Auparavant, la famille s’était déjà ressoudée grâce à un intérêt spirituel commun. Depuis leur retour de captivité, chacun avait repris ses activités religieuses. Adolphe avait toujours été un évangélisateur zélé et un bon enseignant et, dès que sa santé le lui permit, il enfourcha sa bicyclette – celle qu’il avait lors de son arrestation – pour contacter des gens à des lieues à la ronde et leur communiquer le message d’espoir de la bible. Il racontait souvent aux personnes intéressées qu’il avait ressenti l’aide bienveillante de Dieu vis-à-vis des siens, même en détention. Son air heureux et son rétablissement attestaient de la force de sa foi. Simone lui donna bientôt un motif supplémentaire de bonheur et de fierté : moins de cinq ans après leurs retrouvailles, elle partit œuvrer comme missionnaire à plein temps.

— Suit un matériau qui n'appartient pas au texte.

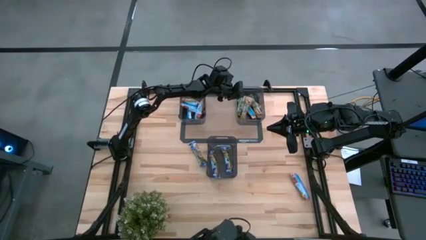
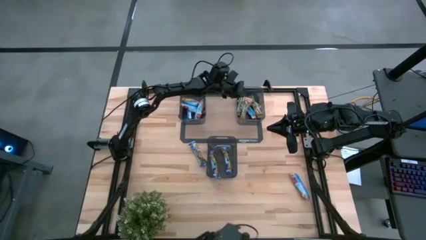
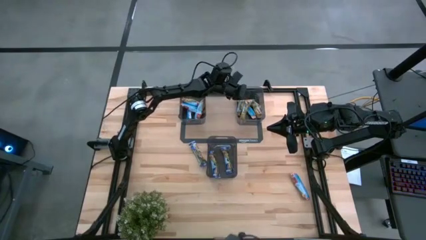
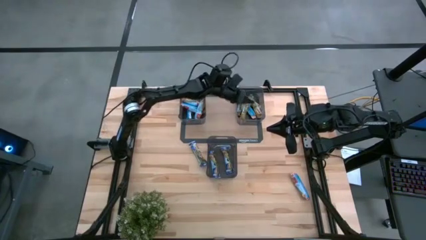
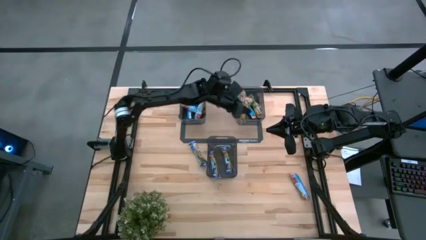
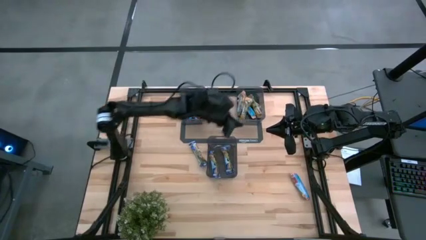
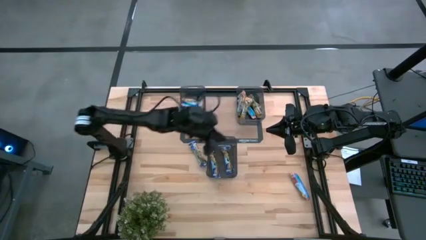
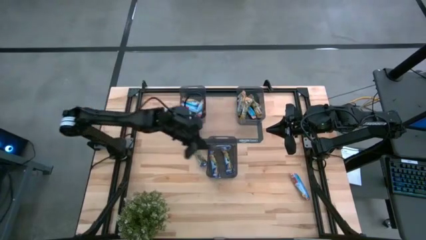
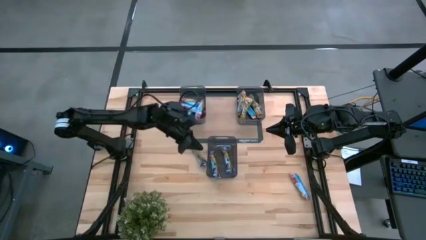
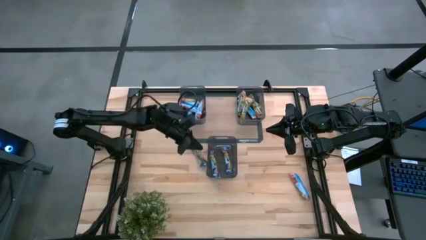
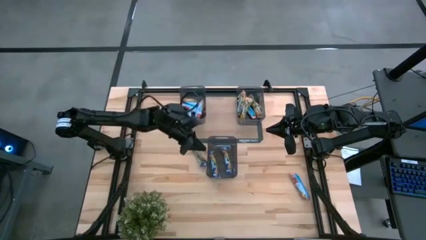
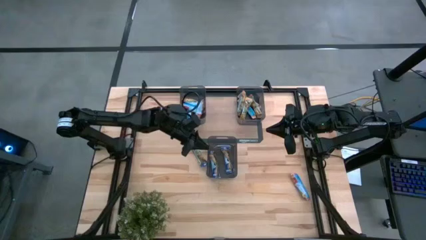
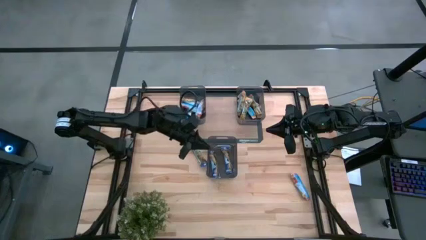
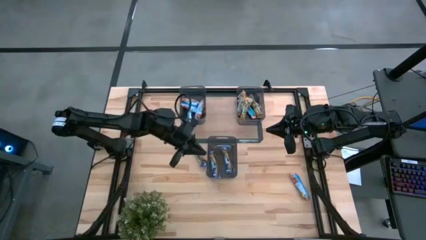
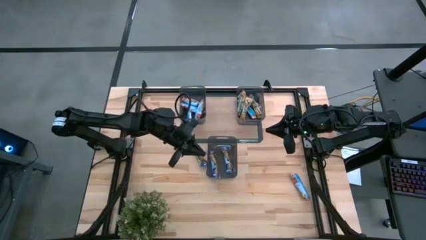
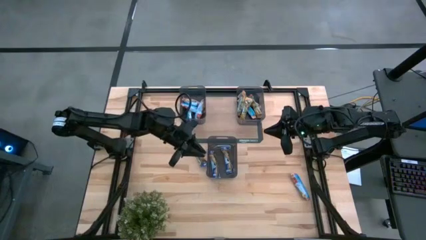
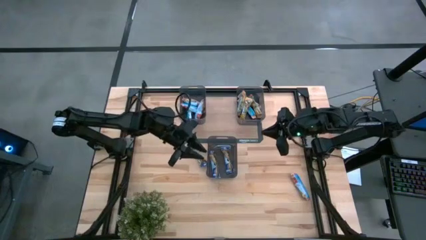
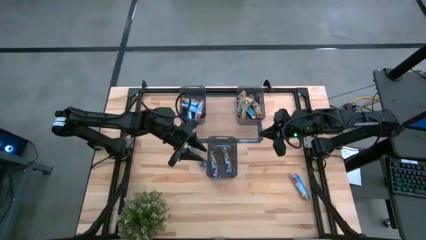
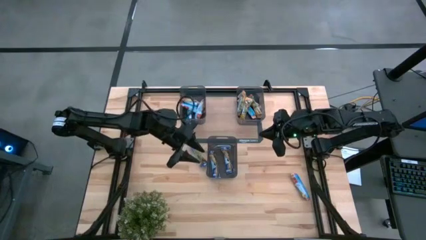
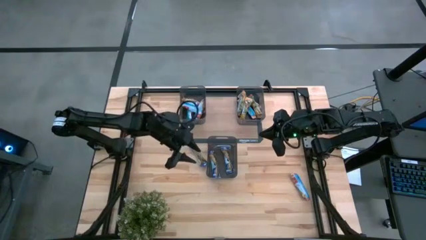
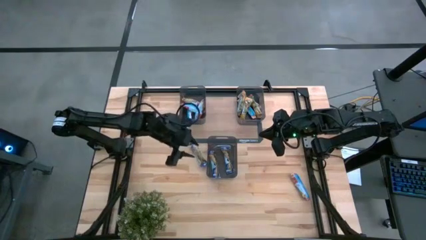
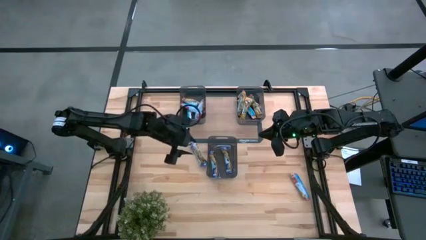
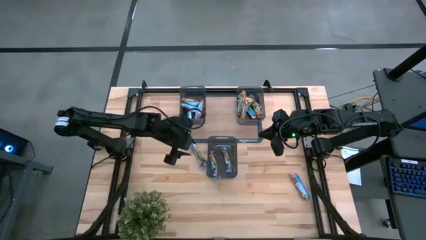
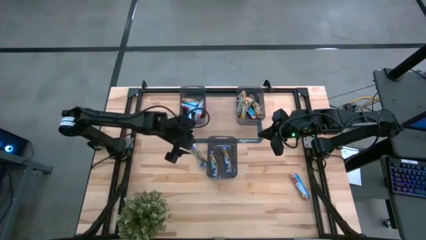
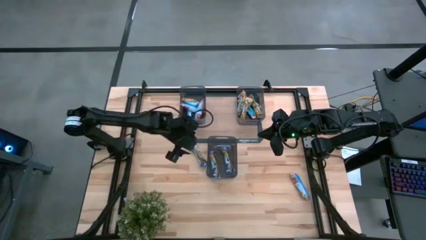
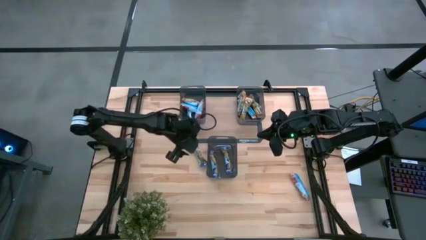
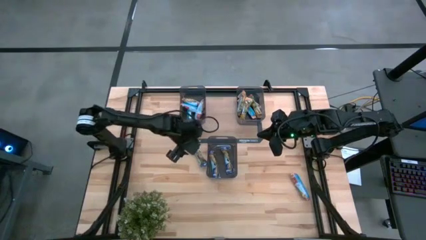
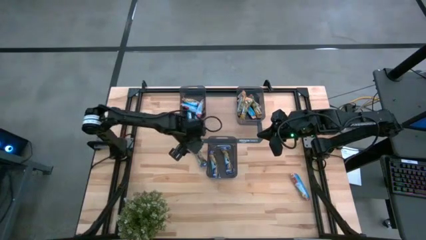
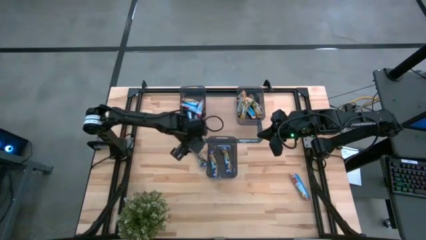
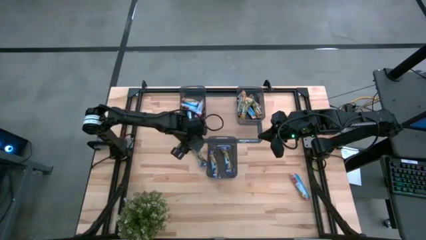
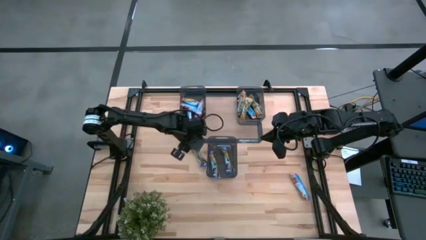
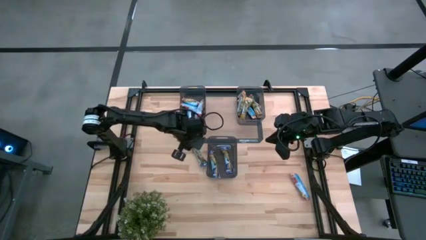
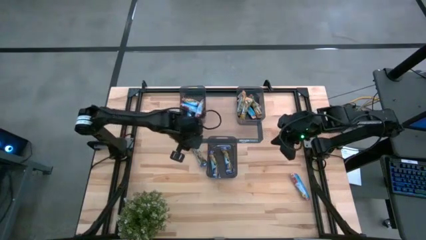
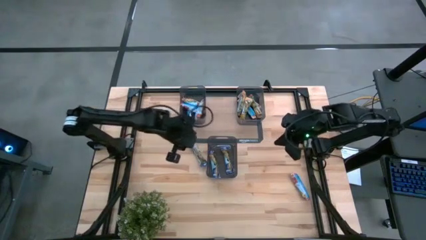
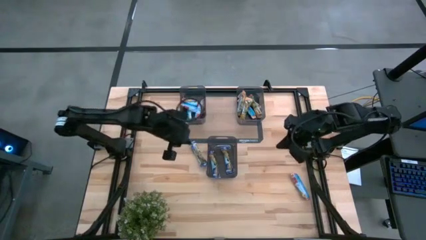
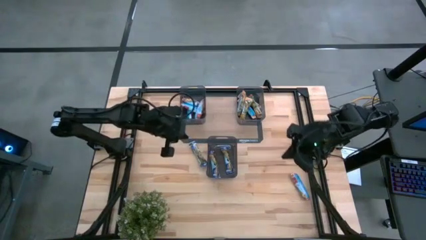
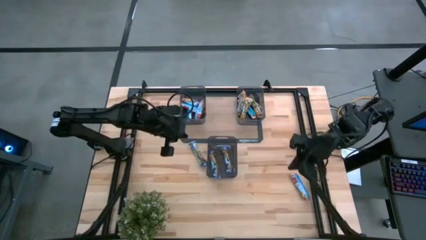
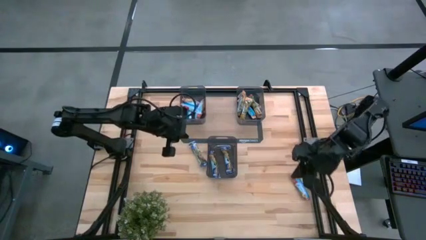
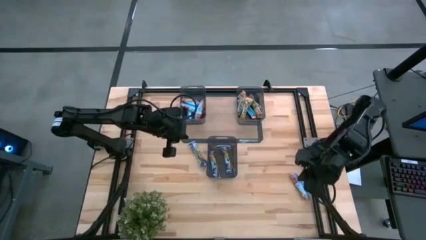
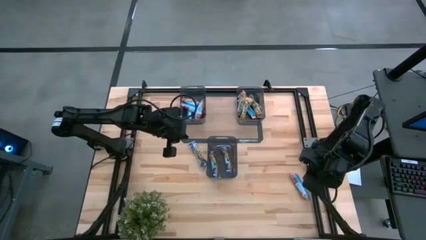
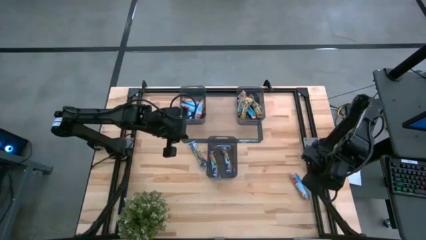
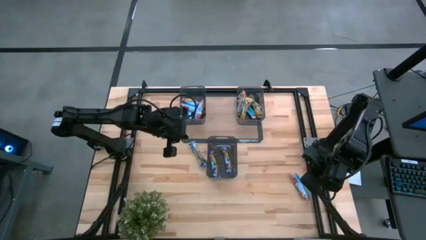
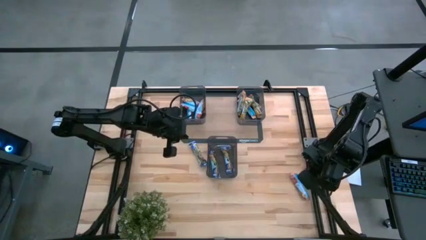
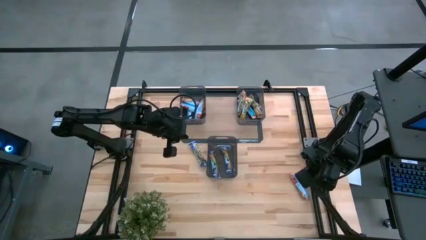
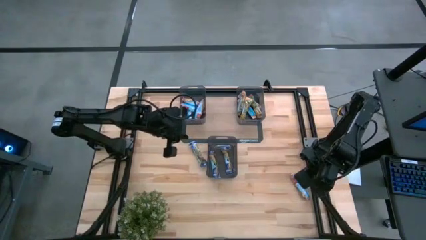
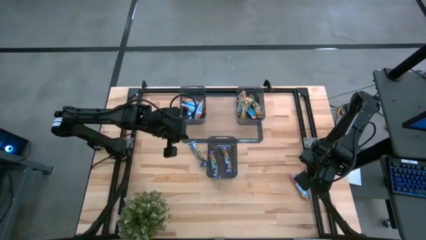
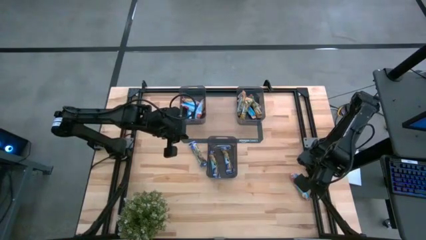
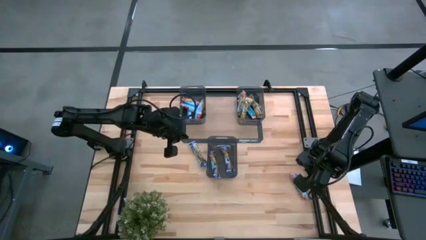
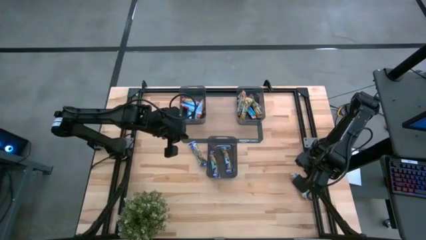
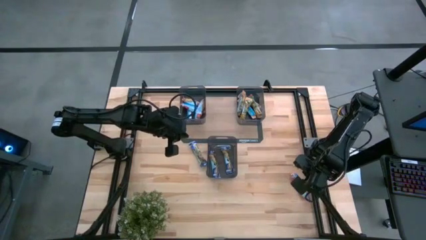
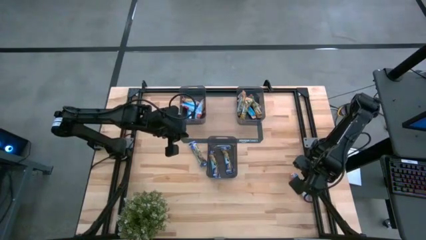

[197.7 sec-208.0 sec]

En 1950, quand Simone quitta la maison, Adolphe décida de poursuivre le travail à domicile que sa fille exécutait pour l’usine Schaeffer. Il l’effectuait en soirée, après le sien. Bien que sa surdité s’aggravait, il travailla ainsi pendant douze ans, jusqu’à sa retraite, pour mieux soutenir financièrement l’œuvre internationale d’évangélisation. Une médaille d’or, remise par le préfet, lui fut décernée en récompense de ses cinquante années de services remarquables au sein de Schaeffer et Cie.
Un jour, Adolphe trouva son Emma bien-aimée affalée au sol, inconsciente. Elle venait d’être victime d’un infarctus. Par bonheur, elle en réchappa. Adolphe, complètement sourd à présent, sollicita l’aide de Simone qui habitait Paris et avait épousé Max Liebster, un évangélisateur comme elle. Les deux couples décidèrent de s’installer ensemble.